Brazilian Catholic bishop (born 1959)

Ilson de Jesus Montanari (born 18 July 1959) is a Brazilian prelate of the Catholic Church who has been secretary of the Congregation for Bishops since 12 October 2013 and Vice Camerlengo of the Holy Roman Church since 1 May 2020.

== Biography ==
Montanari was born in Sertãozinho, São Paulo state inside the territory of the archdiocese of Ribeirão Preto. He attended elementary school from 1965 to 1969 in Sertãozinho. He went on to study law and economics at the University of Ribeirão Preto. Montanari obtained a BA in Philosophy from the Centre for Studies of the archdiocese of Ribeirão Preto.

He studied at the diocesan seminary from 1982 to 1985. He was sent to Rome where he obtained a bachelor's degree in theology from the Pontifical Gregorian University from 1985 to 1988. While in Rome, he lived at the Pontifício Colégio Pio Brasileiro.
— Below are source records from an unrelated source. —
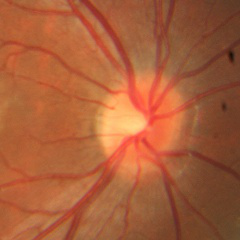

Demonstrates no signs of glaucoma.
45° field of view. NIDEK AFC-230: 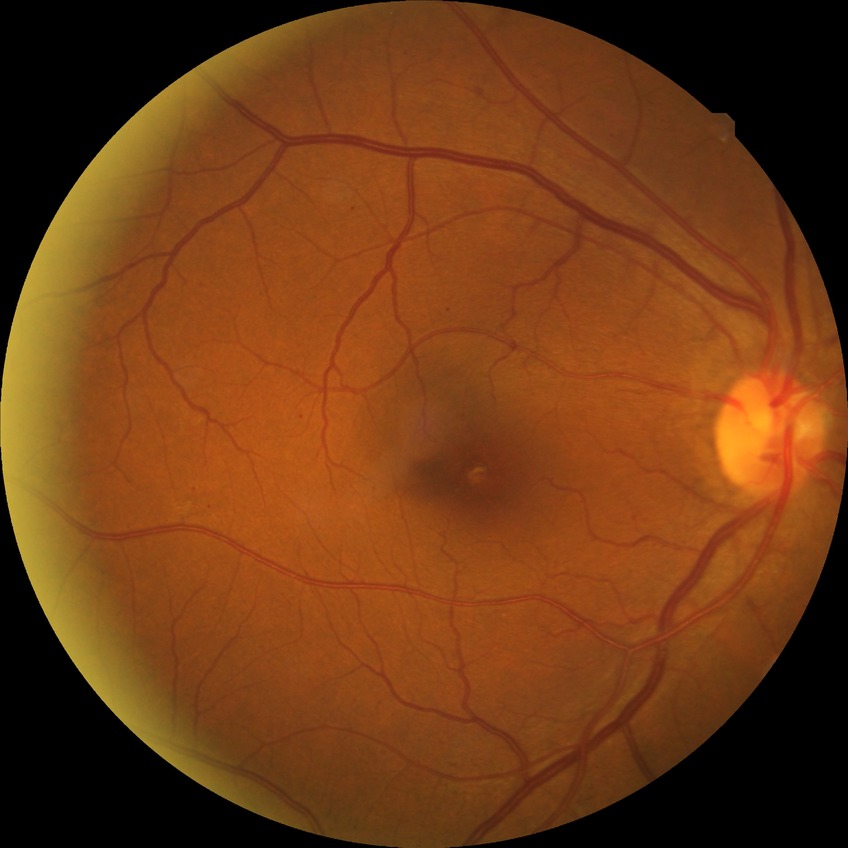

retinopathy stage: simple diabetic retinopathy.

He was ordained a priest for the Roman Catholic Archdiocese of Ribeirão Preto on 18 August 1989.

After his ordination he was appointed pastor and a year later was professor of theology in Ribeirão Preto and at the same time the seminary of Uberaba until 1994. From 1990 until 2001 he was a member of the priests council and the diocesan college of consultors. He held the posts of chancellor and pastoral co-ordinator from 1993 until 2002.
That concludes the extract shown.